In a newly discovered secret journal, Jane Austen documents her adventures as an amateur sleuth. In the summer of 1806, after her beloved father's death, the Austen ladies are visiting Derbyshire with her cousin Edward Cooper. Naturally, Jane seizes the opportunity to enjoy a long walk and admire the beautiful nature, when she discovers the mutilated body of what appears to be a young gentleman. To her great surprise, it turns out that the body is that of a young stillroom maid of a nearby estate, and suspicions fall on the master of the estate Charles Danforth. Her family urges Jane to stay away from the investigation, but when her old friend Lord Harold Trowbridge asks for her help to look into Danforth's involvement in the case, Jane cannot possibly refuse.

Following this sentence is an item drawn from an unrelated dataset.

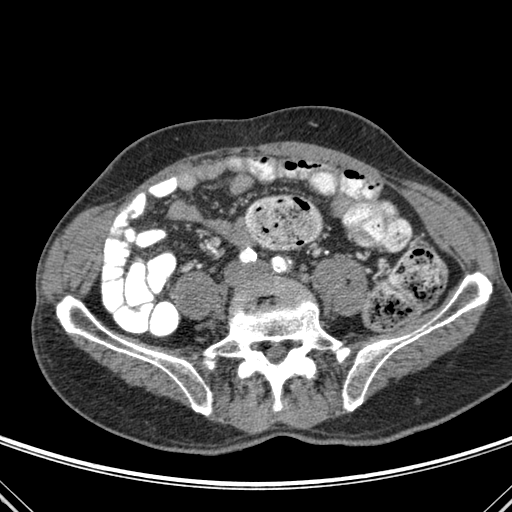
CT
- bone: [x1=56, y1=272, x2=491, y2=415]

This series is excellent and this fifth novel is one of the best so far. Stephanie Barron has, once again, created a gripping mystery plot, brilliantly set in Austen's time, with a very convincing Jane as its heroine. The descriptions of rural Derbyshire are stunning and the atmosphere fantastic. As in all the novels of the series, the everyday life of the time is excellent, drawn with beautiful imagery and historical detail, and I found the references to the recipe book of the stillroom maid and her remedies fascinating. The well developed characters are based on the types of characters created by Austen herself, and thus are very convincing and typical of their time. Jane is very convincing as an amateur sleuth, and it was wonderful to see again Lord Harold Trowbridge, as he and Jane make an excellent pair. The story is narrated by Austen in her journal and the language is very similar to her existing letters, thus very realistic.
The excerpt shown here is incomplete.